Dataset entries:

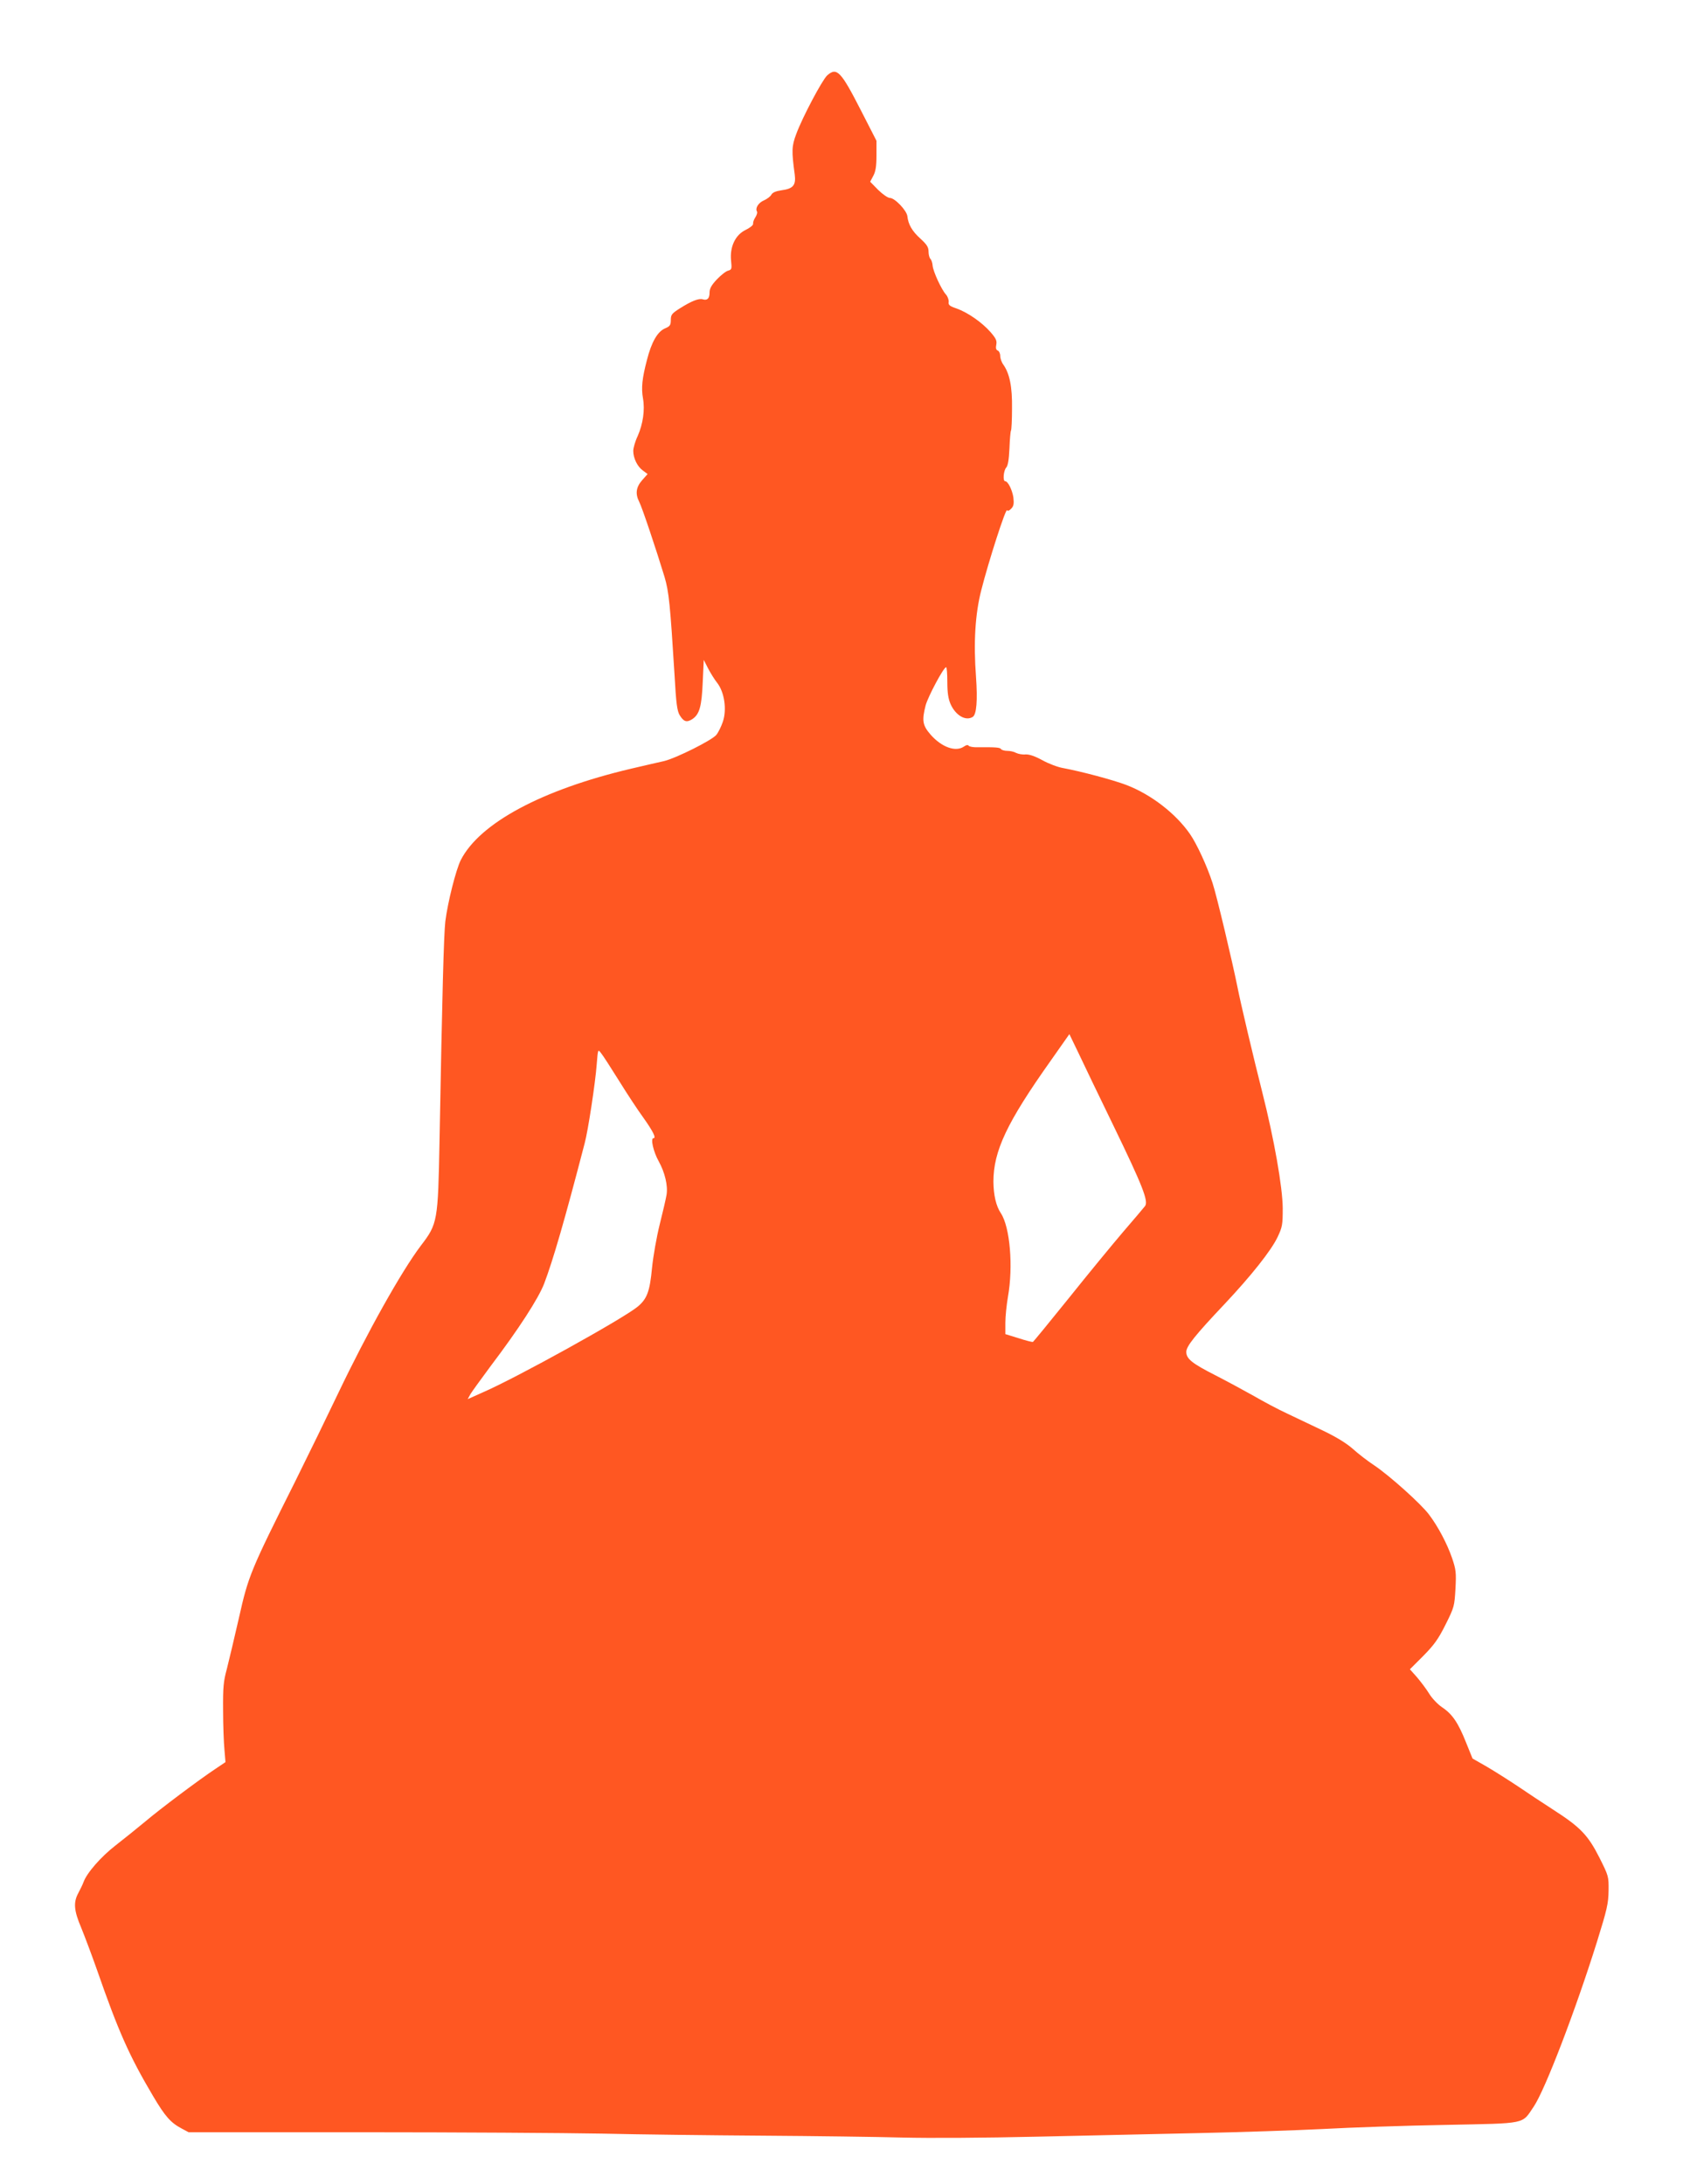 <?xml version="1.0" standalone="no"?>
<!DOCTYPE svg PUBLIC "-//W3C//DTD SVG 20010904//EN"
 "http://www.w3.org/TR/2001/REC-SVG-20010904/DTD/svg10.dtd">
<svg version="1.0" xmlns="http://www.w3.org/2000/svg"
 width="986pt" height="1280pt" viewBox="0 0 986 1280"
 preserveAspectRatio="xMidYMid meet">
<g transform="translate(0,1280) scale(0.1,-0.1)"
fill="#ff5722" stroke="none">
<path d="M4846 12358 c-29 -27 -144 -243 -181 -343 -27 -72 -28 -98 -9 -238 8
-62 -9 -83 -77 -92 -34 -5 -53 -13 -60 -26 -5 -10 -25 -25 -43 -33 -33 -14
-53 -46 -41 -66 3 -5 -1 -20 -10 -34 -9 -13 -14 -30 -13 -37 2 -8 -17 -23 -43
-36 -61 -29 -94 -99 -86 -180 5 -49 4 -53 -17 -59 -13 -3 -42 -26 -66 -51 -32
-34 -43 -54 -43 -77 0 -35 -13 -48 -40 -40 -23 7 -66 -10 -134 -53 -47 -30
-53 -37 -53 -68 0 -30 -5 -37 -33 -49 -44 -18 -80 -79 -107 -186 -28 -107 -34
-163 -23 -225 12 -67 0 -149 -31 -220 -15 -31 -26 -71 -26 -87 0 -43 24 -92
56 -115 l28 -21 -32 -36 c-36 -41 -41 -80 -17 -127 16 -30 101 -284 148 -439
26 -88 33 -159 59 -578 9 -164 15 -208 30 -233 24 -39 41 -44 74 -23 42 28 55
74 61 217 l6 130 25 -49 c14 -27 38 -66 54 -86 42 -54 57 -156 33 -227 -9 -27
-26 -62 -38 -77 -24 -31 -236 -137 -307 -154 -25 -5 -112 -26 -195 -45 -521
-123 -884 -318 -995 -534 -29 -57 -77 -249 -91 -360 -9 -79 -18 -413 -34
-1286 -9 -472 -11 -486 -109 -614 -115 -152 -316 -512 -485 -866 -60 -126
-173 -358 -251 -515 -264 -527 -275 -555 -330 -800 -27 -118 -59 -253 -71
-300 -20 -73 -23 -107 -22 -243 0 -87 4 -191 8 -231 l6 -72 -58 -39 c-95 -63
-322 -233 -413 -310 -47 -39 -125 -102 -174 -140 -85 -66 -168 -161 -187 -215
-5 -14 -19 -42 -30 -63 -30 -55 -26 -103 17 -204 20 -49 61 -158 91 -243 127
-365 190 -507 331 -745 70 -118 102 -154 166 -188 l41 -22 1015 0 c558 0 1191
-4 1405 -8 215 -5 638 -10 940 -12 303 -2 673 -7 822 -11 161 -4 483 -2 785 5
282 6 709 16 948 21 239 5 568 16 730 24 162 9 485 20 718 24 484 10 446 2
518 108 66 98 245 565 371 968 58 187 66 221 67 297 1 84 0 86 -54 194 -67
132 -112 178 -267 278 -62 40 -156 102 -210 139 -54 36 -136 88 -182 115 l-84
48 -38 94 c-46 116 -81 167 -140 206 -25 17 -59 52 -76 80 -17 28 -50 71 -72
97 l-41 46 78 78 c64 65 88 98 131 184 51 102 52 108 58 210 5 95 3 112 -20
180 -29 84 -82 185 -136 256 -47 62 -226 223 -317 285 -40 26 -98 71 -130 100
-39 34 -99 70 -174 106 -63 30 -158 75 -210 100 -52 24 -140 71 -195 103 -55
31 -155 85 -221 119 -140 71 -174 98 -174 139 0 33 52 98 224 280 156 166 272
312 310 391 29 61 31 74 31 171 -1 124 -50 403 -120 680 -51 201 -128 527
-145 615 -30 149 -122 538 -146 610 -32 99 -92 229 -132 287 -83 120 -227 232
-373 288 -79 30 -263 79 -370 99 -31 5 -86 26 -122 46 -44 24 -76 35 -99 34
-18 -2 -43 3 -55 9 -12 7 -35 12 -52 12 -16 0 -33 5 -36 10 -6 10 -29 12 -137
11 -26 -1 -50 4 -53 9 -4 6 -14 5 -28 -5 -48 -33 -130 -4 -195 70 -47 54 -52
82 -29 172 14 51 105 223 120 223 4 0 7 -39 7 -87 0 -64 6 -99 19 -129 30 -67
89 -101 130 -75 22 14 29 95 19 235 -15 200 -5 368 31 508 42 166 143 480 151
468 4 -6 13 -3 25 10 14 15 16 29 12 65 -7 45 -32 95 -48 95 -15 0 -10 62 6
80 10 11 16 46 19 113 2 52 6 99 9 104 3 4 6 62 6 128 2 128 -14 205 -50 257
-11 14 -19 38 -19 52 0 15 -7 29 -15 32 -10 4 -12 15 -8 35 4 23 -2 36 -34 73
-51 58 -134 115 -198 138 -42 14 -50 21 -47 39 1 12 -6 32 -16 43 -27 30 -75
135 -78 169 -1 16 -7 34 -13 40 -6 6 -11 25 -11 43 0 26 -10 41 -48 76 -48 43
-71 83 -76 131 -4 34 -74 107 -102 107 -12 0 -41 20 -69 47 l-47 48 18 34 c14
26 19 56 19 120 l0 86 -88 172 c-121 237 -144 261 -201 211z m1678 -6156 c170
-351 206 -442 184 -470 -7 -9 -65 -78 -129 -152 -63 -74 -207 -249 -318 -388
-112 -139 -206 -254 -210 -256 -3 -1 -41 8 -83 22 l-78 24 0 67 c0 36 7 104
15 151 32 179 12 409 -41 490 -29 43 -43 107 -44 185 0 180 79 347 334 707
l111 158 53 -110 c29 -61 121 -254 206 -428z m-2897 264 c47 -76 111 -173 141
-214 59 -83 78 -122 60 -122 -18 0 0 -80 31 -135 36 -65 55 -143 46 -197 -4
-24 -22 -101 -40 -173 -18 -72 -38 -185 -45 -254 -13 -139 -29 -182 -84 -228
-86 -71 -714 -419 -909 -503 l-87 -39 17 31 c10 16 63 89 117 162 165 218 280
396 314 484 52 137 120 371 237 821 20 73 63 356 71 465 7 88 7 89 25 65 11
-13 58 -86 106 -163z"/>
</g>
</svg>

What you need to do:
Among the lines above, find those with the string "http" and copy them.

Written solution:
 "http://www.w3.org/TR/2001/REC-SVG-20010904/DTD/svg10.dtd">
<svg version="1.0" xmlns="http://www.w3.org/2000/svg"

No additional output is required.